We see that this does indeed confirm our optimal choice for player 0 of 0.25 (and 0.75), together with their expected win probability of around 3/8. Using notation from the above cell, oc and ewp refer now to the optimal choice(s) and the expected win probability for player 2.

In [11]:
# Initialize the output lists and specify the number of players p.
optimal = []
probability = []
p = 3

for n in range(30,50):
    # For every discretization value n,
    # Initialize a list to keep track of player 0's optimal choices.
    optimal_a = []
    
    # Compute the optimal choice of player 0 for n.
    optimal_score = compute_expected_values(n, p)
    
    # For every optimal choice of player 0, divide the choice by n-1 to obtain a value in [0,1], and store these in a list.
    optimal_a = [item[0]/(n-1) for item in optimal_score]
    
    # Store the median value into the global list optimal.
    optimal.append(np.median(optimal_a))
    
    # Store every value of dictionary optimal_score in a list.
    optimal_prob = [v for v in optimal_score.values()]
    
    # Store the expected win probability for player 0 in a global list.
    probability.append(optimal_prob[0][0])
    
    # Print the optimal choice (oc) and expected win probability (ewp) of player 0.
    print(f'n = {n}\t oc : {[round(item,2) for item in optimal_a]}\t ewp : {optimal_prob[0][0]:.2f}')          

print(f'\n The estimated optimal choice for player 0 in the interval [0,1] is {np.median(optimal):.4f}, and the median expected win probability is {np.median(probability):.2f}.')

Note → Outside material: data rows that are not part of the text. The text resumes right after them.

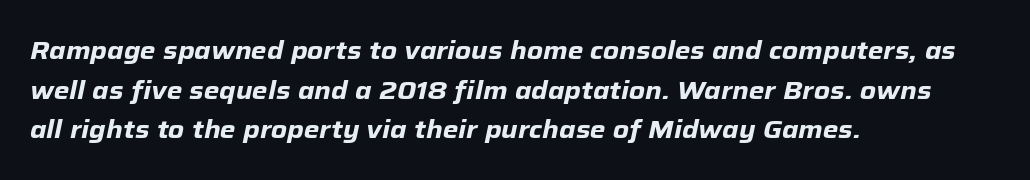
Strong, thick strokes mark this as bold type. Beneath every word, the page is bare. The passage shown has conventional tracking throughout. The ragged edge is on the right, which tells us the setting is flush left. Regarding leading, the lines here are spaced in the standard way. The face used here has a pronounced slope to its letters.
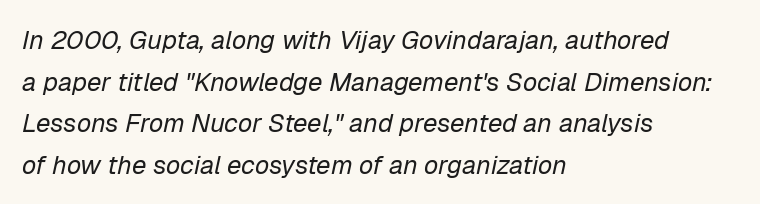
In terms of leading, this rendering sits right in the middle. Words appear dense and cohesive because spacing is normal. The glyphs are unaccompanied by any horizontal stroke below them. The face used here has a pronounced slope to its letters.
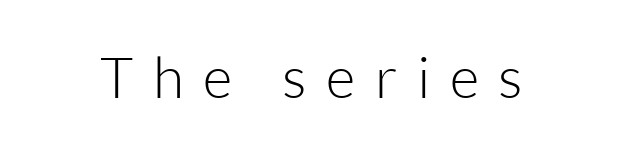
The image shows 57 px light sans-serif type, upright; set unusually wide letter spacing (+0.34 em), not underlined; low stroke contrast and a medium x-height.
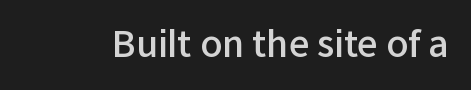
{"serif": "no", "italic": "no", "bold": "semi", "weight": "semibold", "width": "normal", "stroke_contrast": "low", "x_height": "medium", "monospaced": "no", "underline": "no", "letter_spacing": "normal", "letter_spacing_em": 0.0, "glyph_px": 36}
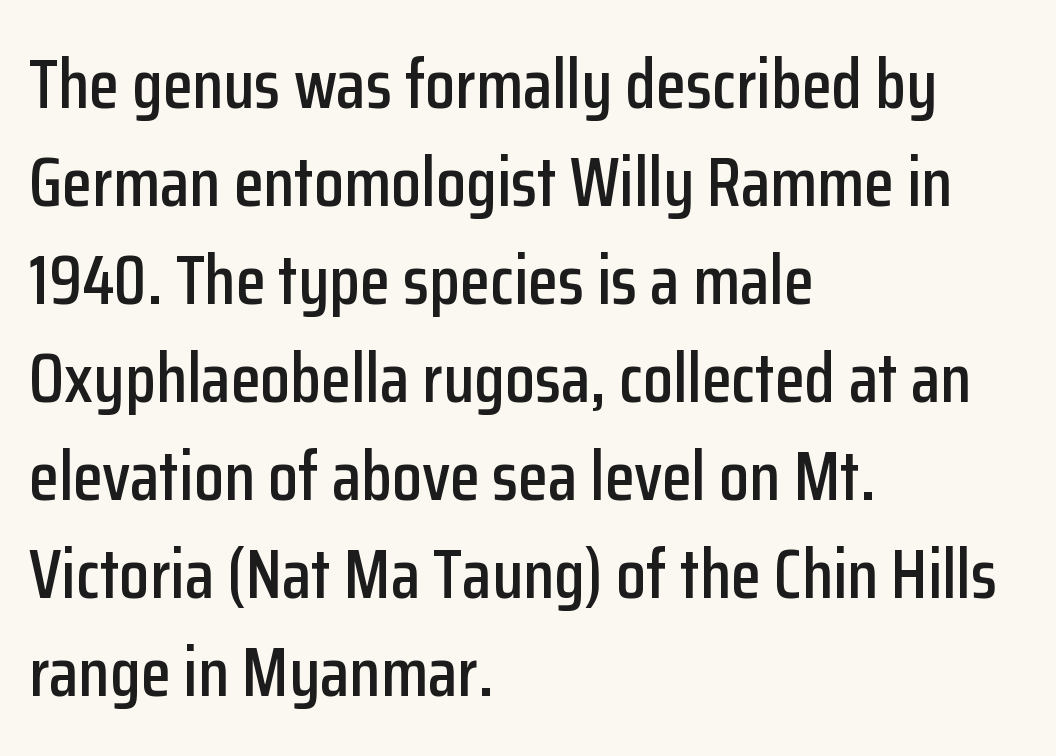
Q: Is the text italic (slanted)? A: No, it is upright.
Q: Is the typeface a serif or a sans-serif typeface? A: Sans-serif.
Q: Is the text underlined? A: No.
Q: How is the paragraph aligned? A: Left-aligned.
Q: Is the spacing between letters normal or unusually wide? A: Normal.
Q: Is the spacing between lines tight, normal or loose? A: Normal.
Q: Width (condensed, normal, or wide)? A: Condensed.
Q: Stroke contrast? A: Low.
Q: x-height? A: Medium.
Q: Monospaced? A: No.
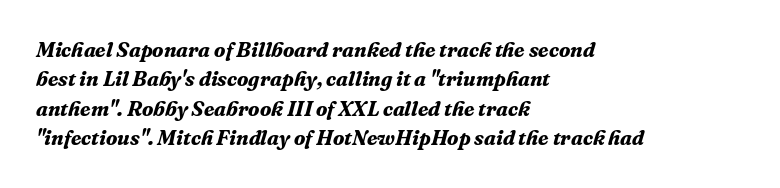
{"italic": "yes", "lean": "right", "slant_degrees": 16, "bold": "yes", "underline": "no", "align": "left", "line_spacing": "normal", "line_spacing_ratio": 1.4, "letter_spacing": "normal", "letter_spacing_em": 0.0, "glyph_px": 21}
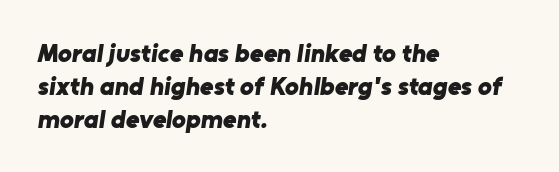
{"bold": "yes", "underline": "no", "align": "left", "line_spacing": "normal", "line_spacing_ratio": 1.26, "letter_spacing": "normal", "letter_spacing_em": 0.0, "glyph_px": 26}
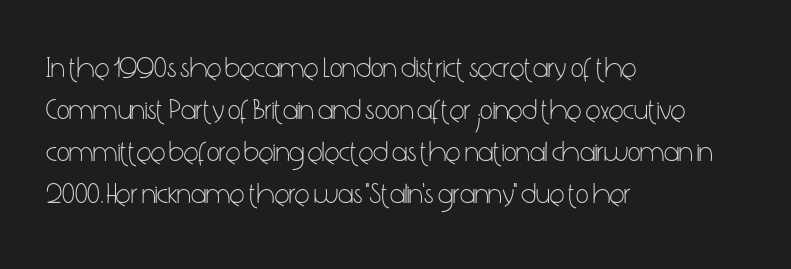
The image shows 28 px light, condensed sans-serif type, upright; set left-aligned, normal line spacing (1.5x), normal letter spacing, not underlined; low stroke contrast and a medium x-height.
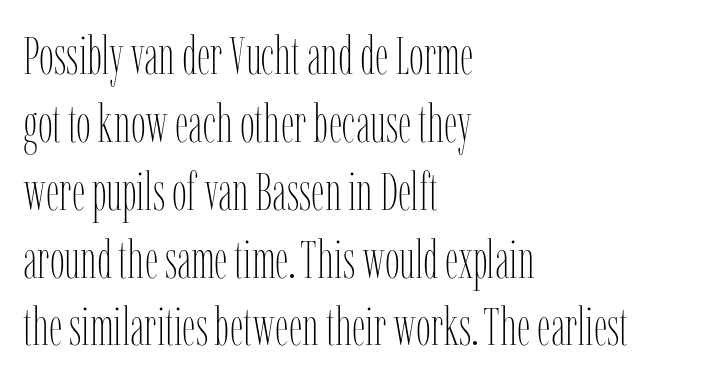
The image shows 53 px thin, condensed type, upright; set left-aligned, normal line spacing (1.28x), normal letter spacing, not underlined; low stroke contrast and a medium x-height.
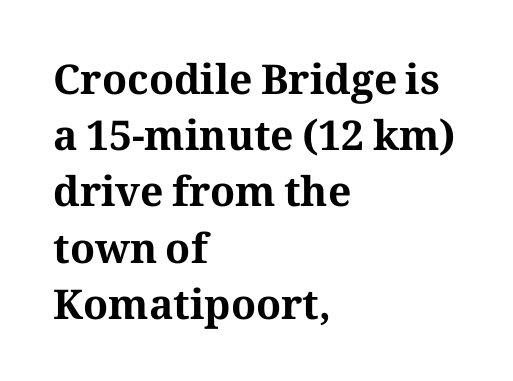
Default kerning and tracking; the words read as compact shapes. All the whitespace from short lines collects on the right. The zone under the glyphs is completely vacant. The letters stand upright; this is a roman face. Unlike a clean sans, this face finishes its strokes with serifs. These lines are rendered in a variable-pitch font.
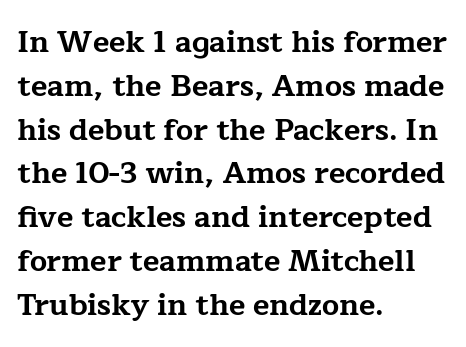
The image shows 30 px bold, wide serif type, upright; set left-aligned, normal line spacing (1.46x), normal letter spacing, not underlined; low stroke contrast and a medium x-height.
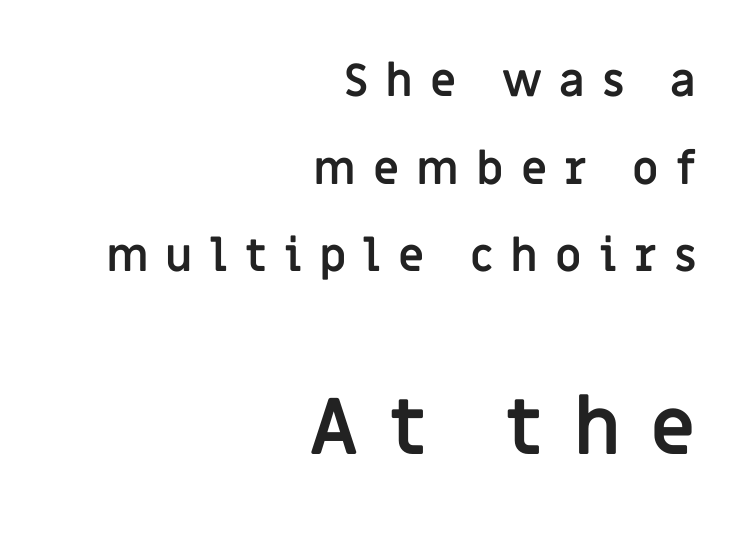
{"serif": "no", "italic": "no", "bold": "yes", "weight": "semibold", "width": "normal", "stroke_contrast": "low", "x_height": "large", "monospaced": "no", "underline": "no", "align": "right", "line_spacing": "loose", "line_spacing_ratio": 1.95, "letter_spacing": "wide", "letter_spacing_em": 0.38, "larger_block": "second", "size_ratio": 1.73, "glyph_px": 78}
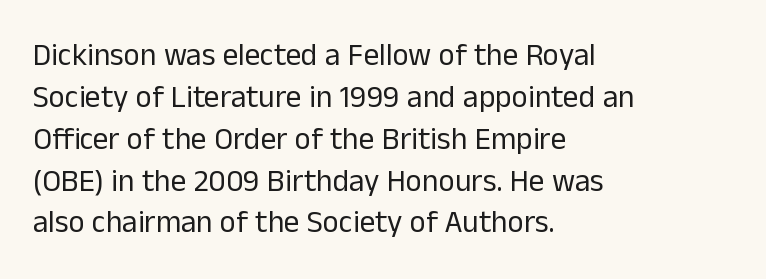
Q: Is the text bold? A: No.
Q: Is the text italic (slanted)? A: No, it is upright.
Q: Is the typeface a serif or a sans-serif typeface? A: Sans-serif.
Q: Is the text underlined? A: No.
Q: How is the paragraph aligned? A: Left-aligned.
Q: Is the spacing between letters normal or unusually wide? A: Normal.
Q: Is the spacing between lines tight, normal or loose? A: Normal.
Q: Width (condensed, normal, or wide)? A: Normal.
Q: Stroke contrast? A: Low.
Q: x-height? A: Medium.
Q: Monospaced? A: No.
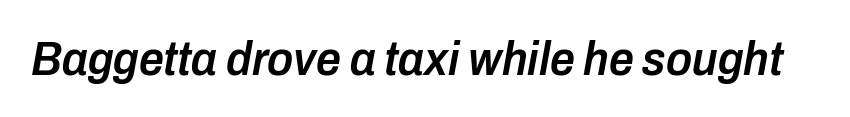
Note the varied advance widths — an 'i' is clearly narrower than an 'm'. Quick note: italic. Type without underlining. You could call the tracking neutral — neither tight nor loose. This is the in-between weight designers call semibold or demi.
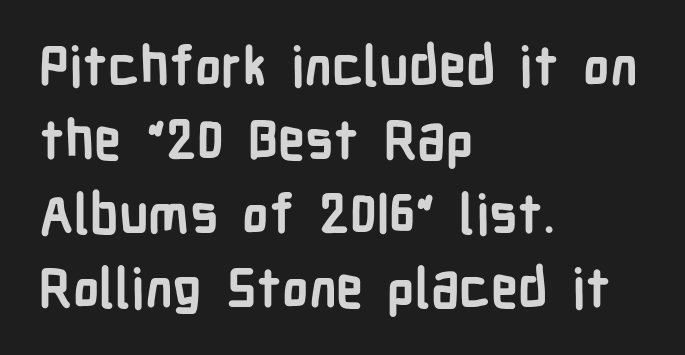
The designer left line spacing at the default. The letters carry no serifs — their stems end cleanly without finishing strokes. As a designer I'd log this as weight 700, bold. Rule under the text: the space is simply empty. The paragraph shown leans on its left margin. No italicization has been applied; the sample stays upright.
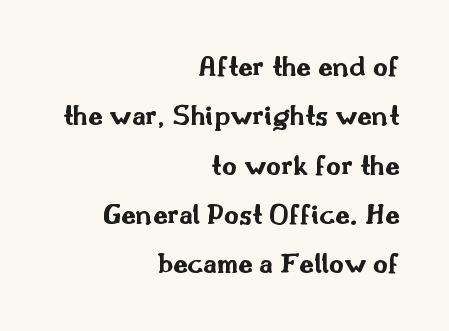
The image shows 29 px bold, wide sans-serif type, upright; set right-aligned, normal line spacing (1.7x), normal letter spacing, not underlined; medium stroke contrast and a small x-height.
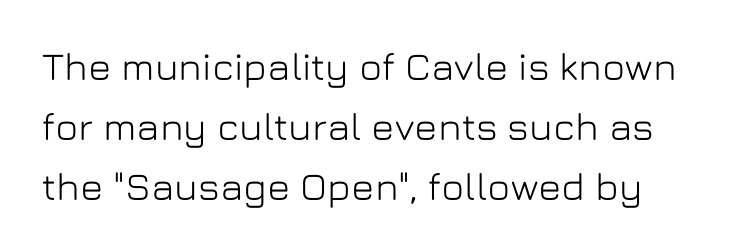
Q: Is the text italic (slanted)? A: No, it is upright.
Q: Is the typeface a serif or a sans-serif typeface? A: Sans-serif.
Q: Is the text underlined? A: No.
Q: Is the spacing between letters normal or unusually wide? A: Normal.
Q: Is the spacing between lines tight, normal or loose? A: Normal.
Q: Width (condensed, normal, or wide)? A: Normal.
Q: Stroke contrast? A: Low.
Q: x-height? A: Medium.
Q: Monospaced? A: No.
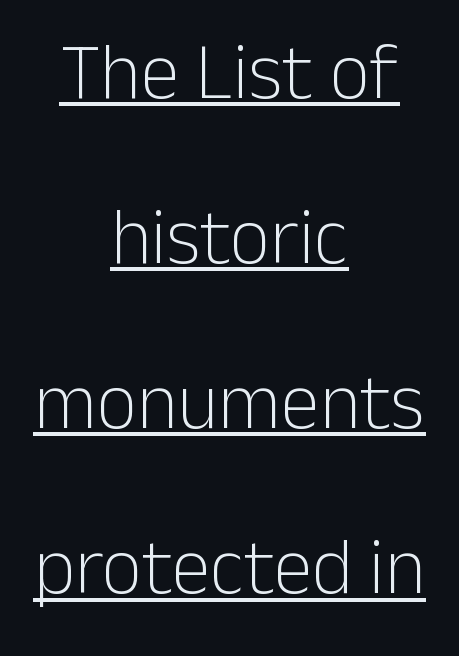
{"serif": "no", "italic": "no", "bold": "no", "weight": "light", "width": "normal", "stroke_contrast": "low", "x_height": "medium", "monospaced": "no", "underline": "yes", "align": "center", "line_spacing": "loose", "line_spacing_ratio": 2.09, "letter_spacing": "normal", "letter_spacing_em": 0.0, "glyph_px": 79}

n = 30	 oc : [0.24]	 ewp : 0.37
n = 31	 oc : [0.27]	 ewp : 0.38
n = 32	 oc : [0.26]	 ewp : 0.38
n = 33	 oc : [0.25]	 ewp : 0.38
n = 34	 oc : [0.24]	 ewp : 0.37
n = 35	 oc : [0.26]	 ewp : 0.38
n = 36	 oc : [0.26]	 ewp : 0.38
n = 37	 oc : [0.25]	 ewp : 0.37
n = 38	 oc : [0.24]	 ewp : 0.37
n = 39	 oc : [0.26]	 ewp : 0.38
n = 40	 oc : [0.26]	 ewp : 0.38
n = 41	 oc : [0.25]	 ewp : 0.38
n = 42	 oc : [0.24]	 ewp : 0.37
n = 43	 oc : [0.26]	 ewp : 0.38
n = 44	 oc : [0.26]	 ewp : 0.38
n = 45	 oc : [0.25]	 ewp : 0.37
n = 46	 oc : [0.24]	 ewp : 0.37
n = 47	 oc : [0.26]	 ewp : 0.38
n = 48	 oc : [0.26]	 ewp : 0.38
n = 49	 oc : [0.25]	 ewp : 0.38

 The estimated optimal choice for player 0 in the interval [0,1] is 0.2527, and the median expected win probability is 0.38.